Mittwoch 7. Dezember 2016
21. Januar 2016

Kardamakis ruft Kirchen zu mehr gutem Willen auf

In Zeiten zunehmender Säkularisierung und Kirchenverdrossenheit kann man sich geteilte Christenheit nicht mehr leisten

"Die Zersplitterung der Kirchen ist eine große Wunde der Christenheit und steht im Widerspruch zu den Geboten Christi". Das betonte der griechisch-orthodoxe Metropolit Arsenios (Kadarmakis) am Mittwochabend bei einem ökumenischen Gottesdienst in Wien-Kagran. Auch wenn sich in den letzten Jahren in der Ökumene vieles zum Besseren bewegt habe, müsse man sich eingestehen, dass es bis zur Einheit noch ein weiter Weg sei, so der Metropolit in seiner Predigt.

Er plädierte für weitere Anstrengungen zur Erreichung der Kircheneinheit, diese sei aber nur "Schritt für Schritt" möglich.
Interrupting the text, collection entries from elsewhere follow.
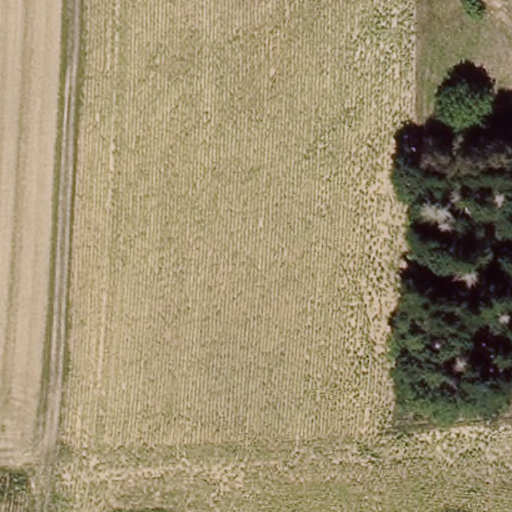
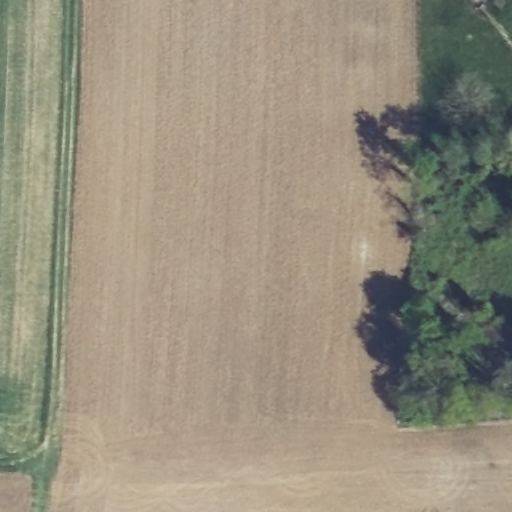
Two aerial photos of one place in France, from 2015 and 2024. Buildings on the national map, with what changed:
[]

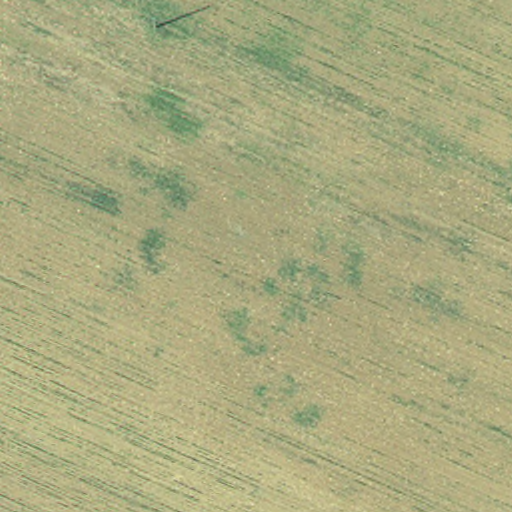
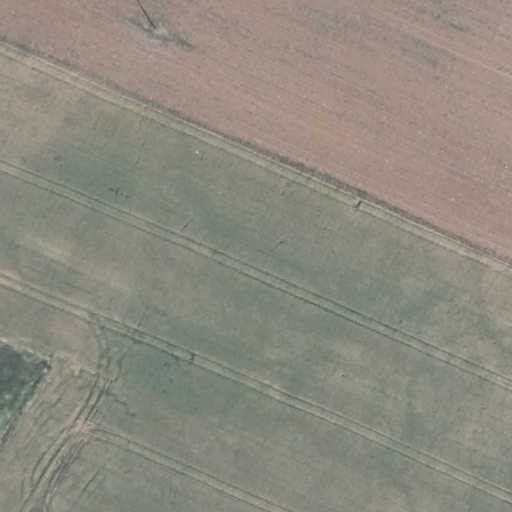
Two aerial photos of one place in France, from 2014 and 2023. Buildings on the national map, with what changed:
[]

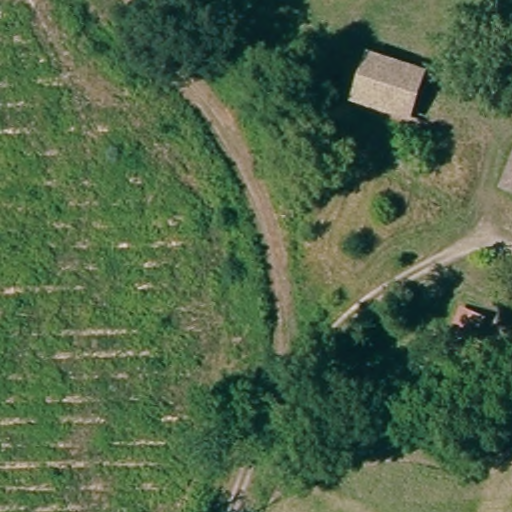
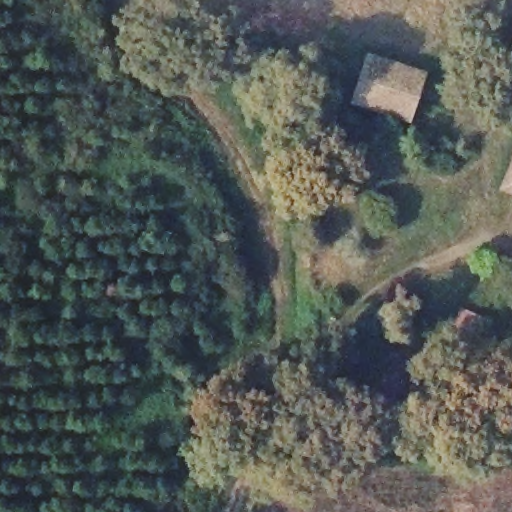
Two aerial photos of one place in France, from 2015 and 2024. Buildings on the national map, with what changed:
unchanged [(361,53),(420,69),(416,90),(357,72),(361,53)]
unchanged [(357,72),(416,90),(411,119),(352,99),(357,72)]
unchanged [(507,181),(512,166),(512,184),(507,181)]
unchanged [(460,368),(418,350),(423,334),(430,330),(465,346),(460,368)]

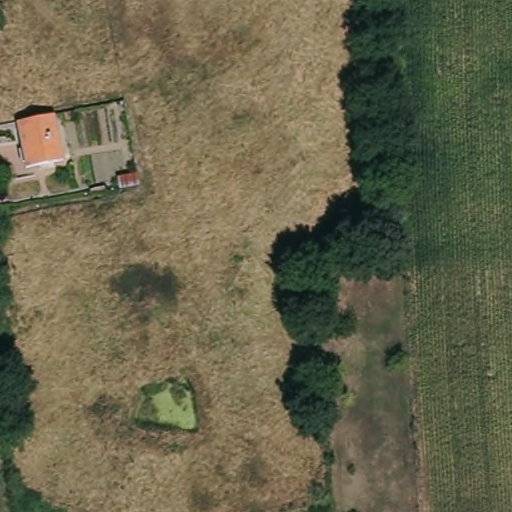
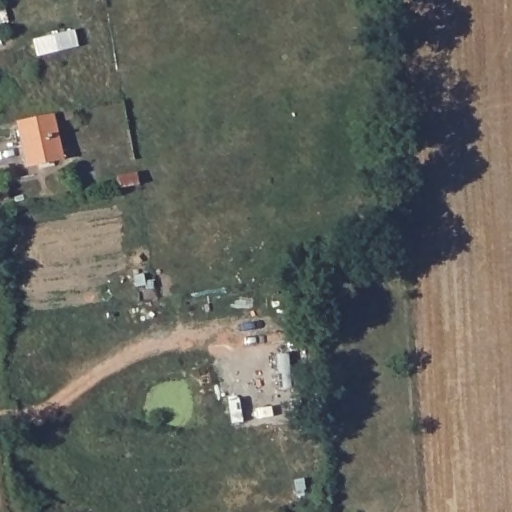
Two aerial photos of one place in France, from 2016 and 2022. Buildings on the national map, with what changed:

Der Metropolit rief die Kirchen auf, mehr guten Willen zu zeigen. In Zeiten zunehmender Säkularisierung und Kirchenverdrossenheit unter den Menschen könne man sich eine geteilte Christenheit schlichtweg "nicht mehr leisten", befand Arsenios.

Der Gottesdienst in St. Georg-Kagran fand im Rahmen der Weltgebetswoche für die Einheit der Christen (18.-25. Jänner) statt. An der Liturgie nahmen zahlreiche Vertreter der christlichen Kirchen teil. So waren neben dem Vorsitzenden des Ökumenischen Rats der Kirchen in Österreich (ÖRKÖ), Superintendent Lothar Pöll, u.a. der syrisch-orthodoxe Chorepiskopos Emanuel Aydin, der rumänisch-orthodoxe Erzpriester Emanuel Nutu, der reformierte Landessuperintendent Thomas Hennefeld sowie der ehemalige Bischof der evangelischen Kirche, Herwig Sturm, in Vertretung der erkrankten Bischofs Michael Bünker, anwesend.

Die Vertreter der Kirchen betonten in kurzen Ansprachen die Wichtigkeit einer starken gemeinsamen Christenheit. So befand Landessuperintendent Hennefeld, dass die Verkündigung nur dann glaubwürdig sei, wenn sie mit einer gemeinsamen Stimme gesprochen werde.

Ein gemeinsames Priestertum sei angesichts der weltweiten Krisen von einer "nie dagewesenen Aktualität", sagte Chorepiskopos Aydin. Es gelte, das gemeinsame Zeugnis als engen Bund neu zu entdecken.

"Die Ökumene ist uns anvertraut, deswegen müssen wir sie leben und pflegen", betonte Altbischof Sturm. Besonders angesichts der Tatsache, dass das Christentum weltweit die meistverfolgte Religion ist, müsse man weiter zusammenrücken.

In ganz Österreich finden in der Weltgebetswoche ökumenische Gottesdienste statt. Der traditionelle zentrale Gottesdienst des Ökumenischen Rates der Kirchen in Österreich (ÖRKÖ) findet am Freitag, 22. Jänner, um 18 Uhr in der evangelischen Lutherkirche (Martinstraße 23, 1180) statt. Die Predigt bei dem Gottesdienst, den der ÖRKÖ seit 1959 jährlich veranstaltet, hält heuer der serbisch-orthodoxe Bischof Andrej (Cilerdzic). Die Kollekte wird in diesem Jahr für verfolgte und notleidende Familien im Irak verwendet. Die Caritas betreibt mehrere Zentren für Menschen in Not in Bagdad und Kirkuk. Der ÖRKÖ will sie dieses Jahr dabei unterstützen.

Informationen zur Weltgebetswoche unter www.oekumene.at.